Support Request for Help: Repo packs are not cleaning up and repo storage grew from 700MB to 160GB
Support Request for the Gitaly Team
The goal is to keep these requests public. However, if customer information is required to the support request, please be sure to mark this issue as confidential.
This request template is part of Gitaly Team's intake process.
Customer Information
Salesforce Link: I don't have Salesforce access
Zendesk Ticket: https://gitlab.zendesk.com/agent/tickets/413901
Installation Size: They're using Kubernetes, but did not state if they're using reference architecture. I have requested this information.
Architecture Information:
Slack Channel:
Additional Information:
Support Request
Severity
This is a severity2 per the Support Engineer User Guidance, but I'm going to make an executive decision that it's actually a severity3 based on the fact that it does not appear to be blocking the customer. However, since the repo's size is growing unchecked, I'm interested in dealing with this swiftly.
Problem Description
Housekeeping does not appear to be running on a single repo, and the reason is unclear. This is leading to a size on disk of 160GB+, which far exceeds the 700MB project size as reported in the web UI and when cloning the repo.

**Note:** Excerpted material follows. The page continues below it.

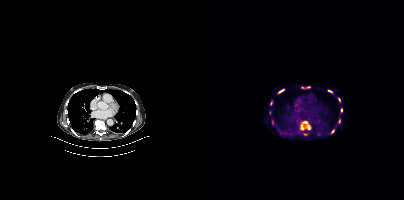
Findings: Coordinates are on the 200×200 PET (right) panel. (showing 10 of 12 foci) PSMA-avid tumor lesion bounding boxes (x0, y0)-(x1, y1): (96, 121)-(106, 130); (97, 86)-(106, 89); (73, 89)-(80, 93); (123, 89)-(129, 93); (134, 119)-(136, 123); (134, 97)-(136, 102); (66, 101)-(68, 105); (136, 108)-(138, 112). Small PSMA-avid foci (2 to 4 px across) near (center x, center y): (128, 131); (101, 134).
Technique: Left: CT. Right: PSMA PET, same axial level, 18F-PSMA tracer. PET panel 200×200 px (4.1 mm/px).

We've been discussing this in Slack.
We can see the failure
sidekiq.log
5768:2023-06-01T19:43:31.141185877Z {"component": "gitlab","subcomponent":"application_json","level":"info","severity":"INFO","time":"2023-06-01T19:43:31.140Z","correlation_id":"01H1W7S5KGDCCWYC5SZHC385XS","message":"Updating statistics for project 105"}
5778:2023-06-01T19:43:33.549322907Z {"component": "gitlab","subcomponent":"application_json","level":"debug","severity":"DEBUG","time":"2023-06-01T19:43:33.548Z","correlation_id":"01H1W7S5KGDCCWYC5SZHC385XS","message":"SilentModeInterceptor did nothing","mail_subject":"<REDACTED>","silent_mode_enabled":false}
16757:2023-06-01T19:55:04.715299115Z {"component": "gitlab","subcomponent":"git_json","level":"error","severity":"ERROR","time":"2023-06-01T19:55:04.714Z","correlation_id":"01H1W7S5KGDCCWYC5SZHC385XS","message":"gitaly_call failed:\n13:could not repack: repack failed with error code 128. debug_error_string:{\"created\":\"@1685649304.713485735\",\"description\":\"Error received from peer ipv4:<REDACTED>\",\"file\":\"src/core/lib/surface/call.cc\",\"file_line\":1063,\"grpc_message\":\"could not repack: repack failed with error code 128\",\"grpc_status\":13}"}
I redacted some potentially sensitive info, but you can see the messages in the log files on the ticket/in Slack.
in the Sidekiq.log, but it appears that it doesn't make it to Gitaly, as that correlation ID does not exist in the Gitaly log.
Troubleshooting Performed
- Ensure that the UI shows the repo is 700MB to rule out the possibility that the repository was inadvertently growing due to user action
- Attempted to manually run housekeeping, which fails during repack
- Attempt
git fsck --no-dangling
against the repo, which reported that it's checking 692576980. They can't run this right now, since they need to use the repo, and so I've asked them to schedule it during off hours. They will update with the results.
What specifically do you need from the Gitaly team
Assistance with troubleshooting next-steps. We've run out of ideas on the Support side, so additional guidance from the experts would be great!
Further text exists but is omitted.